At the same time we know that 4 g of sulfide gives 3.782 g of oxide after roasting.

We can combine all that using proportions into one equation and solve for M.

While I am 100% sure about the method, there is either some problem with my math or with the data in question as there is no element with such high molar mass.

[jdurg]

Hmmm.  You know, I think I just needed to get away from the problem for a bit as I have come up with a 'reasonable' answer.

Set up the following ratio with 'M' being the molar mass:

(2M+96)/4.00 = (2M + 64)/3.782

Rearrange everything by cross-multiplying and you'll get:

7.564M + 363.072 = 256 + 8M

Simplify all that and you'll get 107.072 = 0.436M.

M = 245.58 grams per mole.  That's about the molar mass of an isotope of Curium.  Though I still think that there's something wrong with the question or the data.

[Squall14]

Thanks for the help jdurg and everyone else!  I agree that there's something wrong with the question in general as I've asked 3 different people who do these kind of calculations for their job and all 3 of them were stumped!  (One of them even TA'd for freshman chem and she couldn't figure it out!!)  In any case, the answer that you got was unfortunately incorrect as I submitted my homework online (it's an online homework) and it told me that it was incorrect.  Fortunately however, I get 1 more shot to get the right answer.  Any other ideas?

[mike]

M₂S₃ + O₂ --> 2MO₂

m(M2S3) = 4.00g
M(M2S3) = 2M+3S = 2M+96
n(M2S3) = 4.00/(2M+96)

m(M02) = 4.00g-0.218g = 3.782g
M(MO2) = M+2O = M+32
n(MO2) = 3.782/(M+32)

now: n(M2S3) : n(MO2) = 1 : 2

therefore: 2n(M2S3) = n(MO2)

and:

2x[4.00/(2M+96)] = 3.782/(M+32)

8.00/(2M+96) = 3.782/(M+32)

8M+ 256 = 7.564M + 363.072

0.436M = 107.072

M = 245.6

This has to be right, the computer that is checking your answer must be wrong, I have seen this question before and the mass loss is different so if your teacher has copied it incorrectly but kept the original answer then this could be the problem.

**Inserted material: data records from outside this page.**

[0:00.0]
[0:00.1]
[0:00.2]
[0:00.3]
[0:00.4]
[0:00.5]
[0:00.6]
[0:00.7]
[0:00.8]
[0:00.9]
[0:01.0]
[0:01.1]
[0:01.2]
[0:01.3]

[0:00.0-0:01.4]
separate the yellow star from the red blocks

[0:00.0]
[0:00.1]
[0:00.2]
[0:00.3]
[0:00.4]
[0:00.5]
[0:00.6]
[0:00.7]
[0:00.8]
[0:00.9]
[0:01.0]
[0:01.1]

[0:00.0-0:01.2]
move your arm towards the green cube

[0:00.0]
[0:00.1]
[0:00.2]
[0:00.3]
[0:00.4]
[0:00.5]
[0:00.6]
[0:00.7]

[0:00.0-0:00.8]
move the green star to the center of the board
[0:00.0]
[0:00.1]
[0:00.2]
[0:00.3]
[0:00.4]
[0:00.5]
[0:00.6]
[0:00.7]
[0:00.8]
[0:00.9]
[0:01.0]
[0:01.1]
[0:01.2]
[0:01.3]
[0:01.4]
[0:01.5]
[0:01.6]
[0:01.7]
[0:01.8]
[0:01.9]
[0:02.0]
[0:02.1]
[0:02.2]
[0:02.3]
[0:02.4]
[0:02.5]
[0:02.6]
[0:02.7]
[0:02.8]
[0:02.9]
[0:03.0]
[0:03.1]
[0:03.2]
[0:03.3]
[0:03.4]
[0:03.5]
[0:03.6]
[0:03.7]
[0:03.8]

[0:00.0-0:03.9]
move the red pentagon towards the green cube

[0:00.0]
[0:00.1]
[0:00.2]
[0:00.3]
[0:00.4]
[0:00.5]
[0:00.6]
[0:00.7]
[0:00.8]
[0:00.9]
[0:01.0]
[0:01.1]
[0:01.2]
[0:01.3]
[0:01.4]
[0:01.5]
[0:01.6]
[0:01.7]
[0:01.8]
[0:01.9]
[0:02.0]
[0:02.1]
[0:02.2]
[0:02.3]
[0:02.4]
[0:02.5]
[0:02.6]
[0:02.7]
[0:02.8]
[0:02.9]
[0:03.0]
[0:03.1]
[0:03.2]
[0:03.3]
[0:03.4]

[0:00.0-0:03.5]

http://mailer.uwf.edu/listserv/wa.exe?A2=ind0110&L=chemed-l&D=1&P=15910
http://69.65.19.208/~apstuden/forum/viewtopic.php?t=1491&sid=c14519d1c22463ac8cb9c375568af8bd

[Borek]

I agree that there's something wrong with the question in general

Sorry, but there is nothing wrong with the question in general. Perhaps it is not an easy one, but it is perfectly doable. There is something wrong with numbers, but the idea behind the solution is clear.

It is very similar to the question like: 10 g of iron filings were dropped into solution of copper sulfate. How much copper was in the solution if the weight of the filings after reaction was 11 g. I suppose the same people that had problems with your question will have problem with this one.

[mike]

Borek is correct there is nothing wrong with the question, but there is something wrong with the answer you are being given.